Be that as it may, I know for a dang sure fact that short term use is downright unpleasant.

Only “visions” any of us saw from the ceremonial smoke was the bottom of a toilet bowl.

And thus, the ceremonial smoke ended in a draw as well.


The next day after our stomachs had settled down we proceeded to the “hunt and eat” portion of the leader selection challenge.

This part would better have been called the “close your eyes and swallow” part, except that chewing was required.  The challenge was to find something that the other two wouldn’t eat.

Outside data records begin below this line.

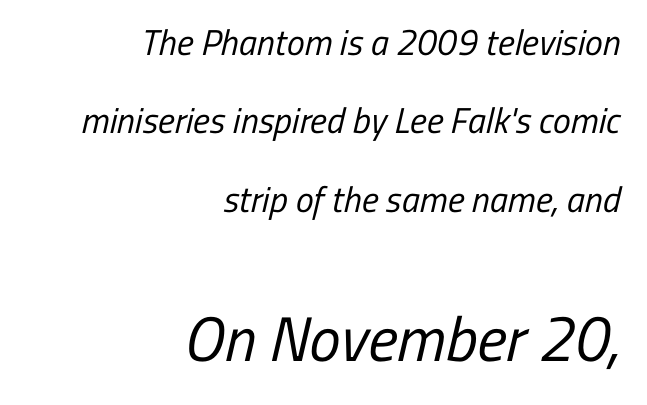
Q: Is the text bold? A: No.
Q: Is the typeface a serif or a sans-serif typeface? A: Sans-serif.
Q: Is the text underlined? A: No.
Q: How is the paragraph aligned? A: Right-aligned.
Q: Is the spacing between letters normal or unusually wide? A: Normal.
Q: Is the spacing between lines tight, normal or loose? A: Loose.
Q: Which block of text is set in a larger size, the first (top) or the second (bottom)? A: The second (bottom) one.
Q: Width (condensed, normal, or wide)? A: Condensed.
Q: Stroke contrast? A: Low.
Q: x-height? A: Medium.
Q: Monospaced? A: No.
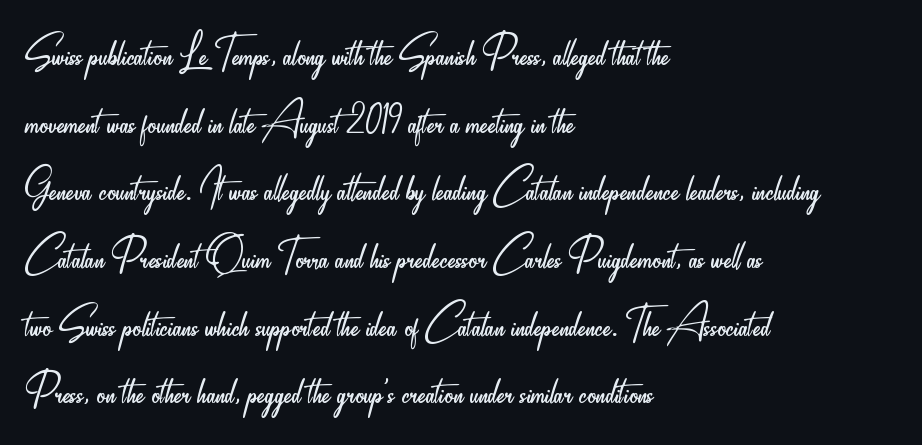
{"serif": "no", "bold": "no", "weight": "light", "width": "condensed", "stroke_contrast": "low", "x_height": "small", "monospaced": "no", "underline": "no", "align": "left", "line_spacing_ratio": 1.23, "letter_spacing": "normal", "letter_spacing_em": 0.0, "glyph_px": 55}
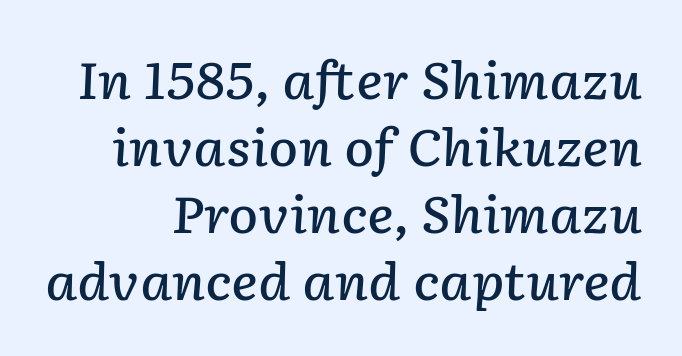
Q: Is the text bold? A: Semi-bold.
Q: Is the text italic (slanted)? A: Yes, it leans right by about 2 degrees.
Q: Is the text underlined? A: No.
Q: Is the spacing between letters normal or unusually wide? A: Normal.
Q: Is the spacing between lines tight, normal or loose? A: Normal.
Q: Width (condensed, normal, or wide)? A: Normal.
Q: Stroke contrast? A: Low.
Q: x-height? A: Medium.
Q: Monospaced? A: No.
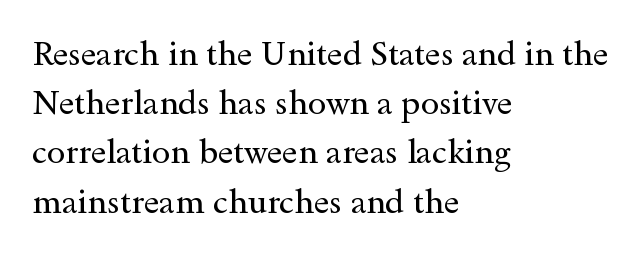
{"serif": "yes", "italic": "no", "bold": "no", "weight": "regular", "width": "wide", "x_height": "small", "monospaced": "no", "underline": "no", "align": "left", "line_spacing": "normal", "line_spacing_ratio": 1.49, "letter_spacing": "normal", "letter_spacing_em": 0.0, "glyph_px": 33}
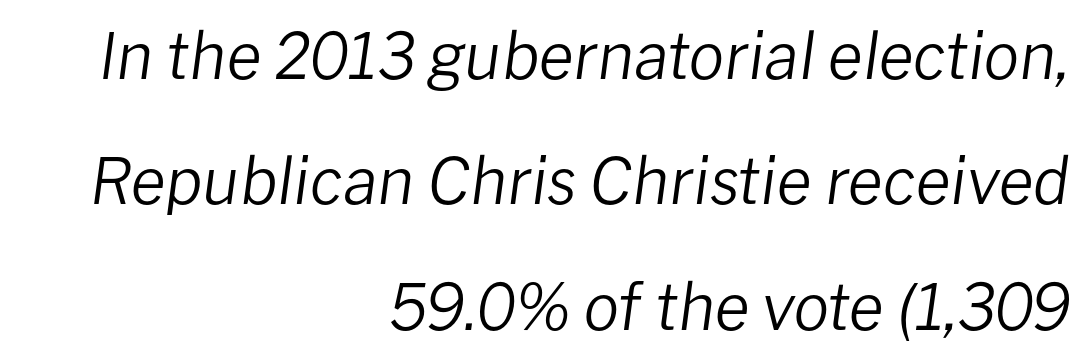
The words here are not underlined. There's an unmistakable incline to the writing here. This is not heavy type; no bold has been used. Does extra space separate the letters? No, they use regular spacing.
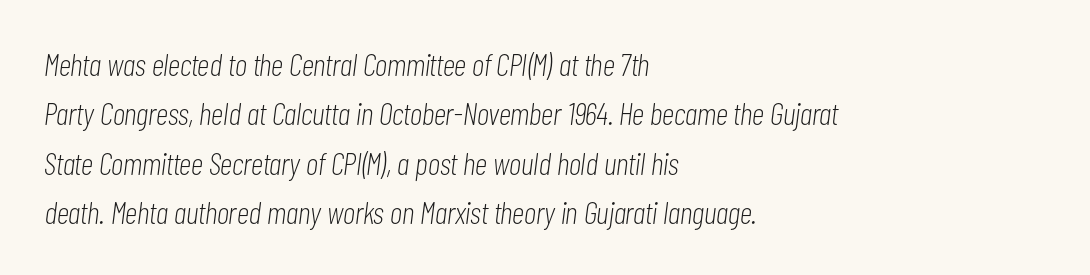
{"italic": "yes", "lean": "right", "slant_degrees": 7, "bold": "no", "weight": "light", "width": "condensed", "stroke_contrast": "low", "x_height": "medium", "monospaced": "no", "underline": "no", "align": "left", "line_spacing": "normal", "line_spacing_ratio": 1.54, "letter_spacing": "normal", "letter_spacing_em": 0.0, "glyph_px": 32}
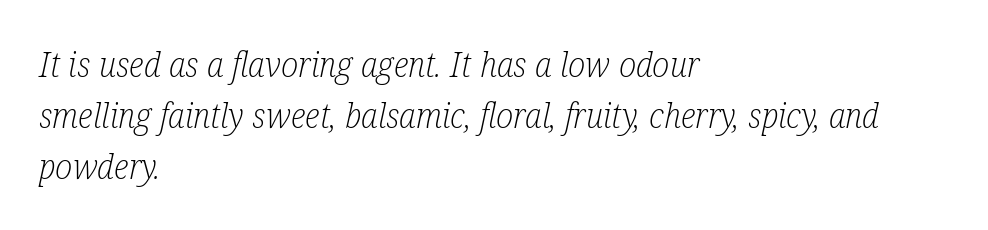
The image shows 35 px light, condensed serif type, italic (leaning right); set left-aligned, normal line spacing (1.46x), normal letter spacing, not underlined; low stroke contrast and a medium x-height.
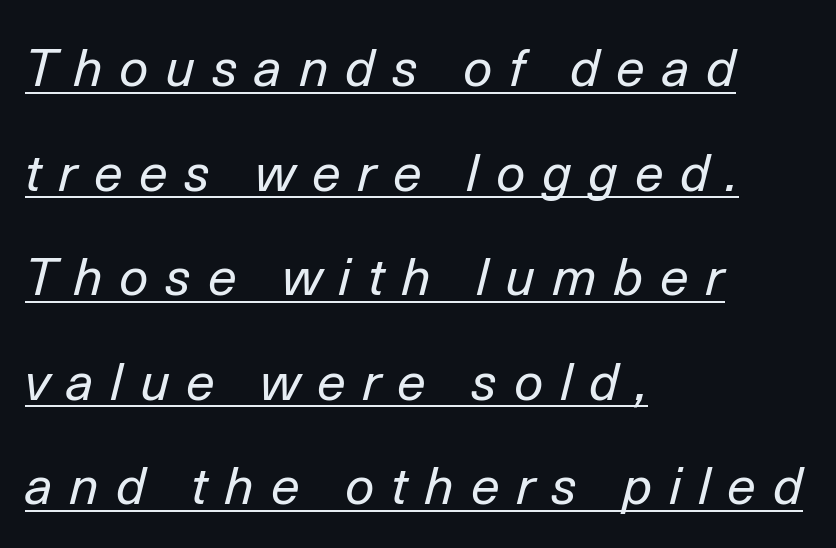
Q: Is the text bold? A: No.
Q: Is the text italic (slanted)? A: Yes, it leans right by about 14 degrees.
Q: Is the text underlined? A: Yes.
Q: How is the paragraph aligned? A: Left-aligned.
Q: Is the spacing between letters normal or unusually wide? A: Unusually wide.
Q: Is the spacing between lines tight, normal or loose? A: Loose.
Q: Width (condensed, normal, or wide)? A: Normal.
Q: Stroke contrast? A: Low.
Q: x-height? A: Medium.
Q: Monospaced? A: No.
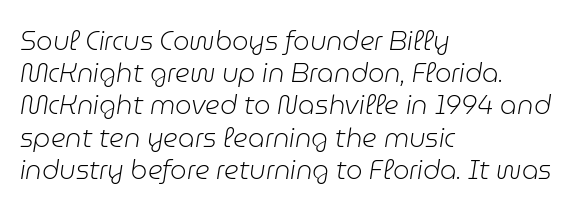
You can tell it's italic because the verticals aren't actually vertical. This is not heavy type; no bold has been used. Words appear dense and cohesive because spacing is normal. Layout note: lines flush left.
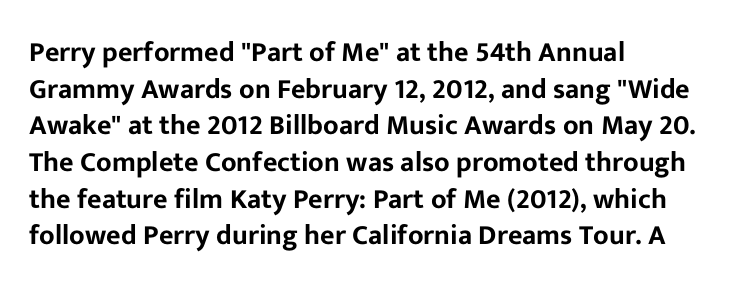
Is there any slant? The stems are plumb. Characters follow at the spacing the type designer built in. This rendering features lettering with no underline. Character widths vary here, with narrow letters taking less room than wide ones. Successive baselines arrive at the customary interval.
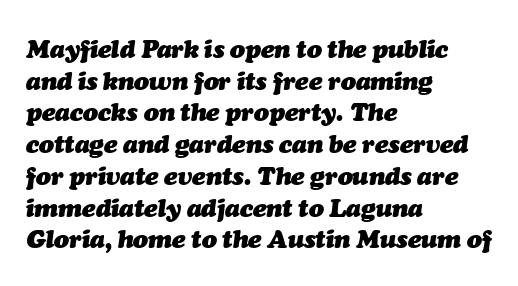
{"italic": "yes", "lean": "right", "slant_degrees": 7, "bold": "yes", "underline": "no", "align": "left", "line_spacing": "normal", "line_spacing_ratio": 1.27, "letter_spacing": "normal", "letter_spacing_em": 0.0, "glyph_px": 25}
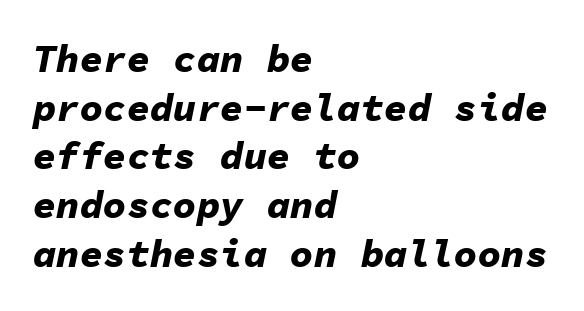
The image shows 39 px bold type, italic (leaning right), monospaced; set left-aligned, normal line spacing (1.25x), normal letter spacing, not underlined; low stroke contrast and a medium x-height.
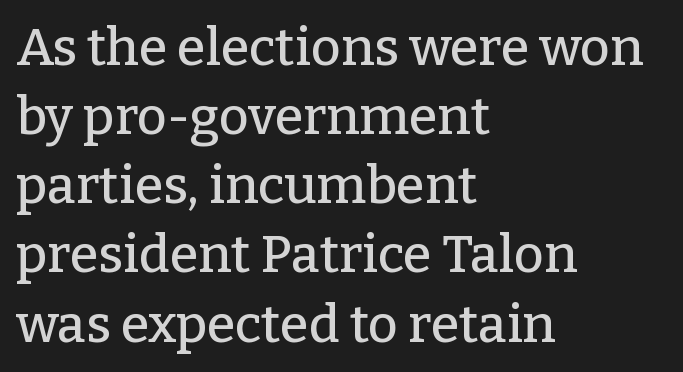
Line starts are locked; line ends wander. Here the designer chose a conventional face with non-uniform glyph widths. This sample keeps an unexceptional amount of space between lines. This is roman type, the default non-slanted kind. You could call the tracking neutral — neither tight nor loose. Note: serifs present on the glyphs.
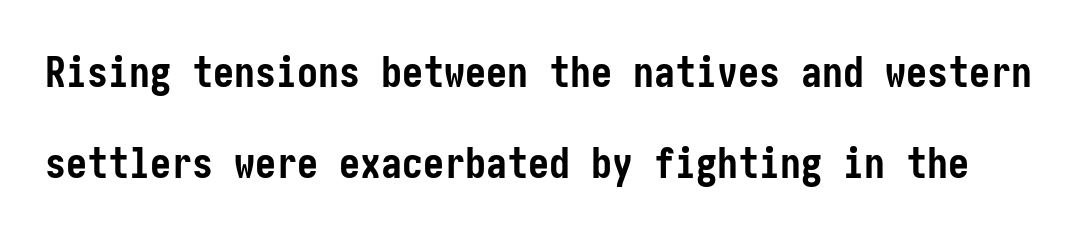
Descenders hang freely into open space. Heavy-handed strokes throughout: this text is bold. Honestly, the letter spacing is just normal — you wouldn't notice it. One glance says open: line gaps are wider than usual. Are there feet on the stems? There aren't — it's a sans. Every stem runs plumb, perpendicular to the baseline.
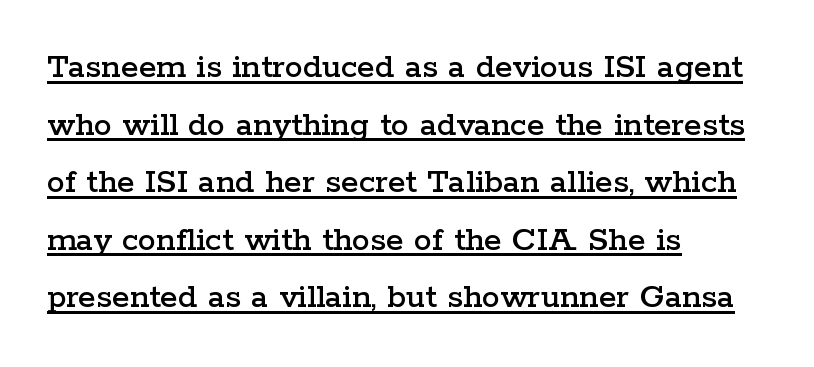
Q: Is the text italic (slanted)? A: No, it is upright.
Q: Is the typeface a serif or a sans-serif typeface? A: Serif.
Q: Is the text underlined? A: Yes.
Q: How is the paragraph aligned? A: Left-aligned.
Q: Is the spacing between letters normal or unusually wide? A: Normal.
Q: Is the spacing between lines tight, normal or loose? A: Normal.
Q: Width (condensed, normal, or wide)? A: Wide.
Q: Stroke contrast? A: Low.
Q: x-height? A: Medium.
Q: Monospaced? A: No.
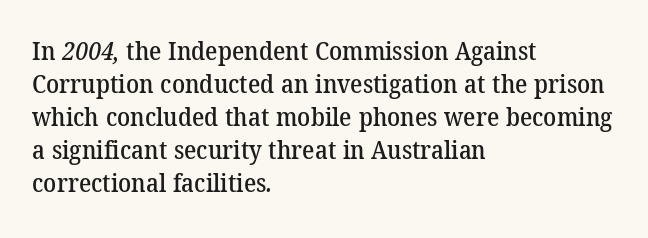
A student would call this left alignment; a typographer would say flush left, rag right. This block has exactly the height ordinary leading produces. The strip under each line holds only bare page. A typesetter would call this zero additional tracking.
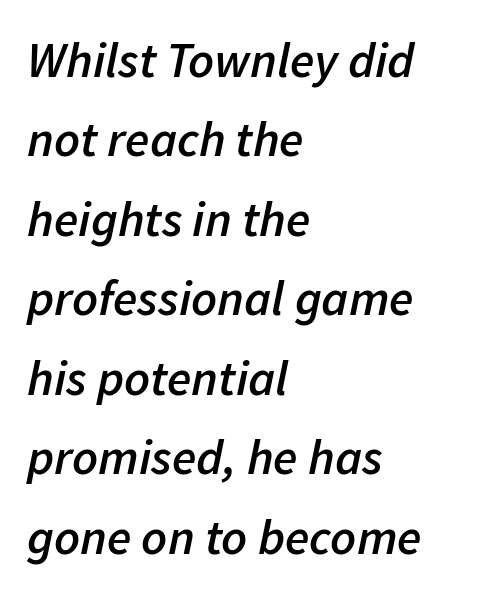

We started out with live ants.  As any self-respecting boy scout from the 60s could tell you, ants are really not that bad.  Pick a mess of Miner’s Lettuce, a sliced up fern shoot, a few berriers, and sprinkle on a couple dozen ants and you have a pretty decent salad.  Even tastes vinegary.  So, ants?  No problem all round.

Woodlice?; Otherwise known as Rolly-Polly bugs, no problem either.  They roll up when you pick them up and as long as you don’t let your mind gag you out and don’t wait so long that they begin to crawl around on your tongue, they are a quick, pop, chew, swallow.

Tomato Caterpillars?  A bit mushy.  Oh, and selected ones are very, very bitter.

Snails and slugs are a bit gooey as one would imagine.

After all of those bugs (Barry first, Jeff next, me last) had been caught and swallowed, the final cut came when Barry popped a live grass hopper in his mouth.

I don’t know about what Jeff was thinking (after-all, he had a pet rat that cleaned his teeth for him), but at that point the thought of those spikey back legs kicking and gouging my tongue and throat while I tried to get the thing lined up to be chewed was enough for me to decide that I really had no need to be the leader.  

Especially since I knew it would only last until I couldn’t beat on both of them anymore.


Okay, so maybe in the retelling it appears that the wisdom target may have been a clear miss in all three tests.


In retrospect, unless our leadership challenge was the one used by the Whi’t’les Lodge of the Ni’mcompoop tribe, our challenge was not very reflective of the real challenges of leadership.

Which brings me back to this year’s Presidential campaign.